Hi,
I was creating a logistic regression model and found that the observed 0/1 values didn’t match up with the probabilities which were supplied as parameters to a Bernoulli distribution. The code block below gives a minimal reproducible example:
import numpy as np
import pymc3 as pm
import scipy
N = 100
with pm.Model() as minimal_example:
X = pm.Normal('x',shape = N)
intercept = pm.Normal('intercept')
#intercept = 0
p = pm.Deterministic('p',pm.math.sigmoid(X + intercept))
Y = pm.Bernoulli('Y',p = p,shape = N)
samples = pm.sample_prior_predictive(samples=1)
print('Observed +1 values: ',np.sum(samples['Y']))
print('Expected +1 values: ',np.sum(samples['p']))

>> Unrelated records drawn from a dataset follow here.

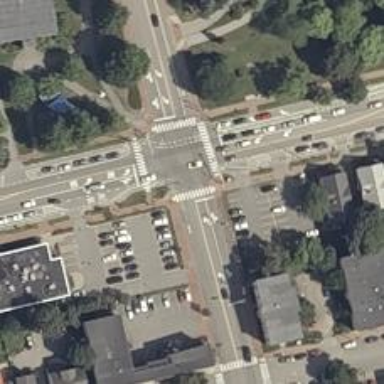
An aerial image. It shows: Zebra crossing on the road.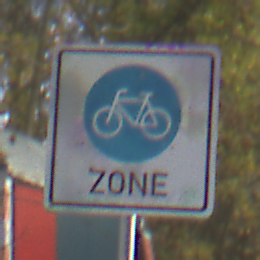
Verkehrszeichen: BeginnFahrradzone
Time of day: MorningAfternoon
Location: Outdoor (Urban)
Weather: PartlyCloudy
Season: NotSpecified
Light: Natural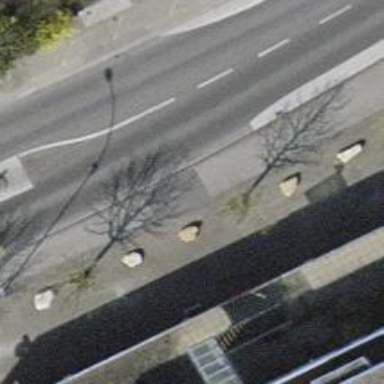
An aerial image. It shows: Block barrier.
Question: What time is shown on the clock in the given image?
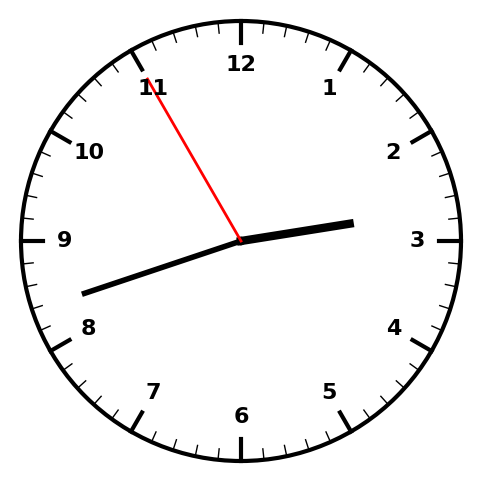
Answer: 02:41:55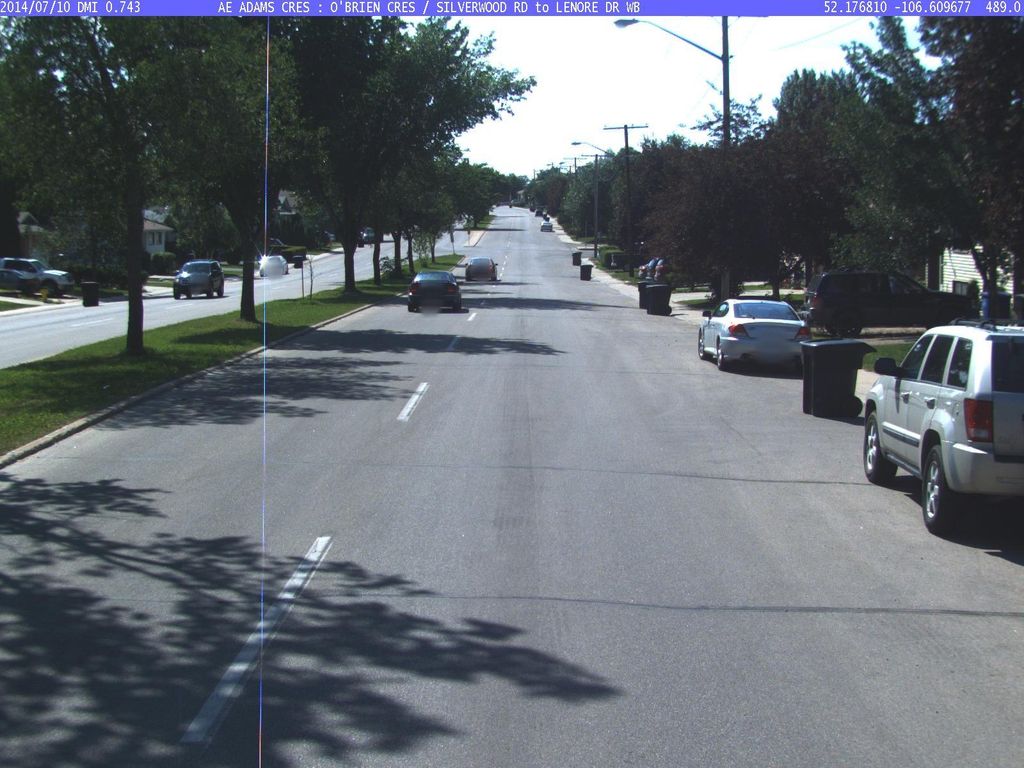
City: saskatoon
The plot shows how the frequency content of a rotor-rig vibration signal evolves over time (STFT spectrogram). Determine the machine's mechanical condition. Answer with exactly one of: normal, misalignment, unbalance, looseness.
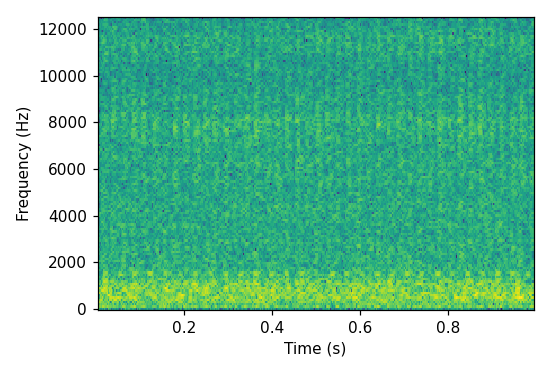
Answer: unbalance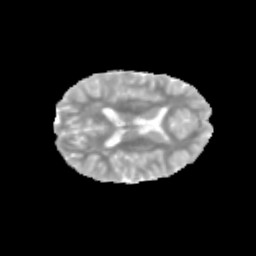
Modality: MD
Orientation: axial
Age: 13
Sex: female
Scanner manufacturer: siemens
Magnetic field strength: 3 T
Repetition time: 3.8 s
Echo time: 0.07 s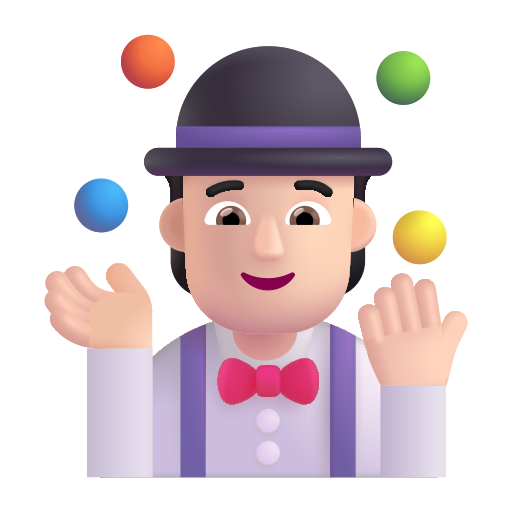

print('Corresponding binomial CDF:',scipy.stats.binom.cdf(np.sum(samples['Y']),np.sum(samples['p'])*2,0.5))
I ran this and got expected / observed counts of +1 values that were wildly incompatible (with corresponding binomial CDFs of nearly exactly 0 or 1). However, if I replace the intercept term above with the commented out line intercept = 0
then the predicted and observed Y values line up as expected.
TL;DR: logistic regression probabilities and observations are mismatched when sampling from a prior.